#### EXTRACTED INFORMATION
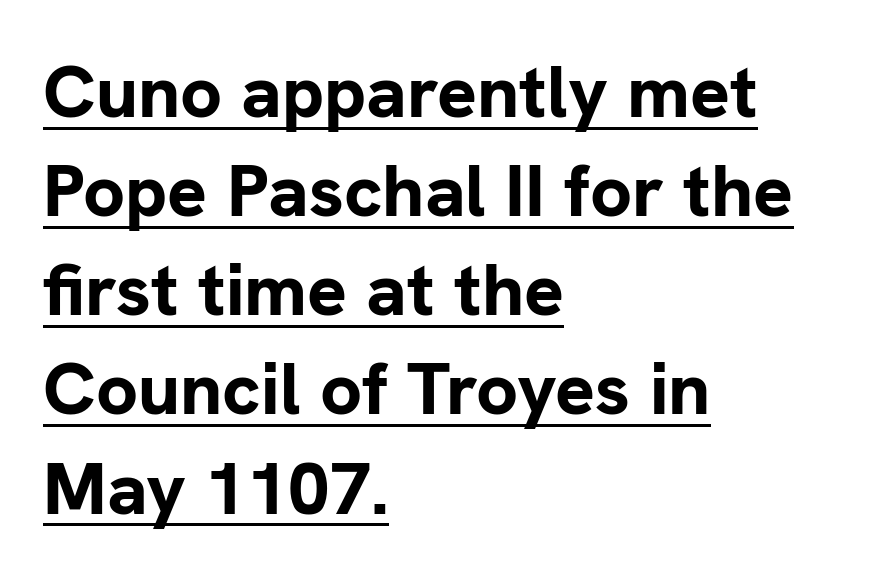
Q: Is the text bold? A: Yes.
Q: Is the text italic (slanted)? A: No, it is upright.
Q: Is the typeface a serif or a sans-serif typeface? A: Sans-serif.
Q: Is the text underlined? A: Yes.
Q: How is the paragraph aligned? A: Left-aligned.
Q: Is the spacing between letters normal or unusually wide? A: Normal.
Q: Is the spacing between lines tight, normal or loose? A: Normal.
Q: Width (condensed, normal, or wide)? A: Normal.
Q: Stroke contrast? A: Low.
Q: x-height? A: Medium.
Q: Monospaced? A: No.
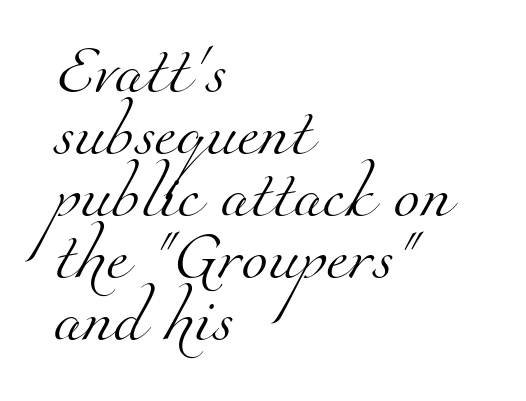
Q: Is the text bold? A: No.
Q: Is the typeface a serif or a sans-serif typeface? A: Serif.
Q: Is the text underlined? A: No.
Q: How is the paragraph aligned? A: Left-aligned.
Q: Is the spacing between letters normal or unusually wide? A: Normal.
Q: Is the spacing between lines tight, normal or loose? A: Normal.
Q: Width (condensed, normal, or wide)? A: Normal.
Q: Stroke contrast? A: Medium.
Q: x-height? A: Small.
Q: Monospaced? A: No.
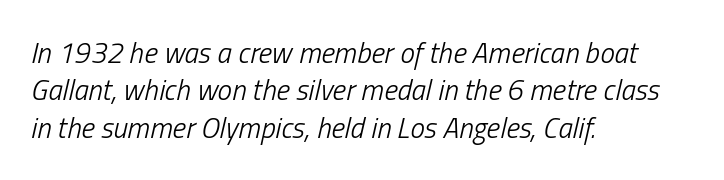
{"italic": "yes", "lean": "right", "slant_degrees": 13, "bold": "no", "weight": "light", "width": "condensed", "stroke_contrast": "low", "x_height": "medium", "monospaced": "no", "underline": "no", "align": "left", "line_spacing": "normal", "line_spacing_ratio": 1.29, "letter_spacing": "normal", "letter_spacing_em": 0.0, "glyph_px": 29}
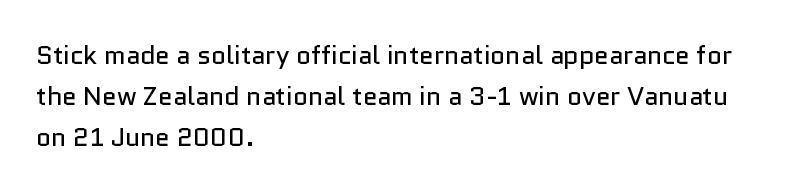
Q: Is the text bold? A: No.
Q: Is the text italic (slanted)? A: No, it is upright.
Q: Is the text underlined? A: No.
Q: How is the paragraph aligned? A: Left-aligned.
Q: Is the spacing between letters normal or unusually wide? A: Normal.
Q: Is the spacing between lines tight, normal or loose? A: Normal.
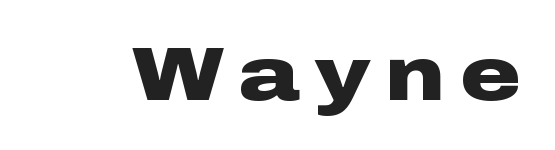
{"serif": "no", "italic": "no", "bold": "yes", "weight": "heavy", "width": "wide", "stroke_contrast": "low", "x_height": "medium", "monospaced": "no", "underline": "no", "letter_spacing": "wide", "letter_spacing_em": 0.2, "glyph_px": 75}
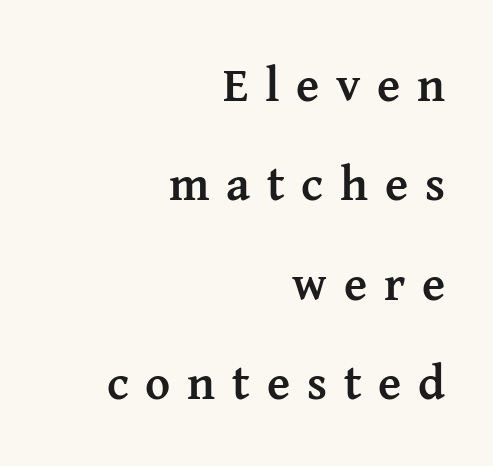
The horizontal fit of the characters is loose and conspicuously gappy. Every letter is thick-stroked: bold, no question. Where is the straight margin? On the right. Do the characters align in a grid? No, the font is proportional. In terms of posture, this sample is upright.
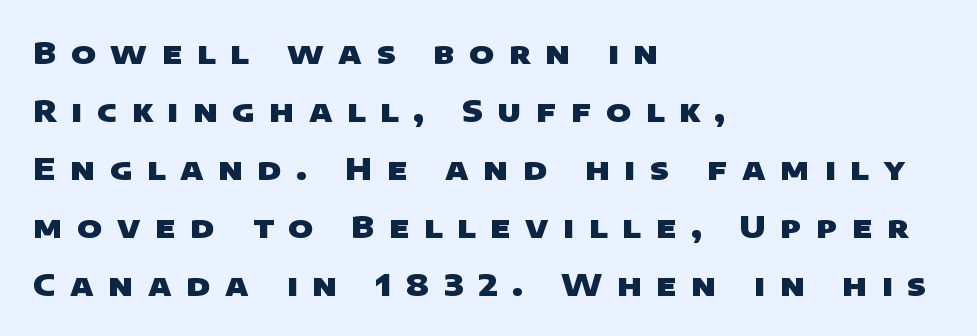
{"serif": "no", "bold": "yes", "weight": "heavy", "width": "wide", "stroke_contrast": "low", "x_height": "large", "monospaced": "no", "underline": "no", "align": "left", "line_spacing": "loose", "line_spacing_ratio": 1.93, "letter_spacing": "wide", "letter_spacing_em": 0.49, "glyph_px": 30}
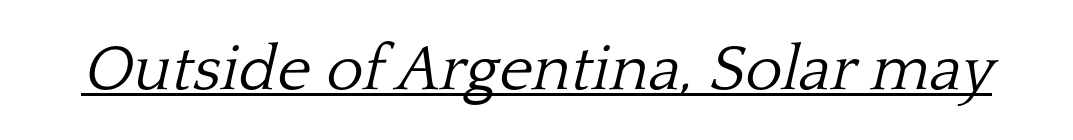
########
§ **REQUIRED WORK**: Return the material in full, word for word, and skip the pictures.

§ **RESULT**:
Q: Is the text bold? A: Yes.
Q: Is the text italic (slanted)? A: No, it is upright.
Q: Is the typeface a serif or a sans-serif typeface? A: Sans-serif.
Q: Is the text underlined? A: Yes.
Q: How is the paragraph aligned? A: Left-aligned.
Q: Is the spacing between letters normal or unusually wide? A: Normal.
Q: Is the spacing between lines tight, normal or loose? A: Normal.
Q: Width (condensed, normal, or wide)? A: Normal.
Q: Stroke contrast? A: Low.
Q: x-height? A: Medium.
Q: Monospaced? A: No.
Q: Is the text bold? A: No.
Q: Is the typeface a serif or a sans-serif typeface? A: Serif.
Q: Is the text underlined? A: No.
Q: How is the paragraph aligned? A: Left-aligned.
Q: Is the spacing between letters normal or unusually wide? A: Normal.
Q: Is the spacing between lines tight, normal or loose? A: Normal.
Q: Width (condensed, normal, or wide)? A: Normal.
Q: Stroke contrast? A: Medium.
Q: x-height? A: Small.
Q: Monospaced? A: No.
{"italic": "yes", "lean": "right", "slant_degrees": 13, "bold": "no", "weight": "light", "width": "condensed", "stroke_contrast": "low", "x_height": "medium", "monospaced": "no", "underline": "no", "align": "left", "line_spacing": "normal", "line_spacing_ratio": 1.29, "letter_spacing": "normal", "letter_spacing_em": 0.0, "glyph_px": 29}
Q: Is the text bold? A: No.
Q: Is the text italic (slanted)? A: No, it is upright.
Q: Is the text underlined? A: No.
Q: How is the paragraph aligned? A: Left-aligned.
Q: Is the spacing between letters normal or unusually wide? A: Normal.
Q: Is the spacing between lines tight, normal or loose? A: Normal.
{"serif": "no", "italic": "no", "bold": "yes", "weight": "heavy", "width": "wide", "stroke_contrast": "low", "x_height": "medium", "monospaced": "no", "underline": "no", "letter_spacing": "wide", "letter_spacing_em": 0.2, "glyph_px": 75}
The horizontal fit of the characters is loose and conspicuously gappy. Every letter is thick-stroked: bold, no question. Where is the straight margin? On the right. Do the characters align in a grid? No, the font is proportional. In terms of posture, this sample is upright.
{"serif": "no", "bold": "yes", "weight": "heavy", "width": "wide", "stroke_contrast": "low", "x_height": "large", "monospaced": "no", "underline": "no", "align": "left", "line_spacing": "loose", "line_spacing_ratio": 1.93, "letter_spacing": "wide", "letter_spacing_em": 0.49, "glyph_px": 30}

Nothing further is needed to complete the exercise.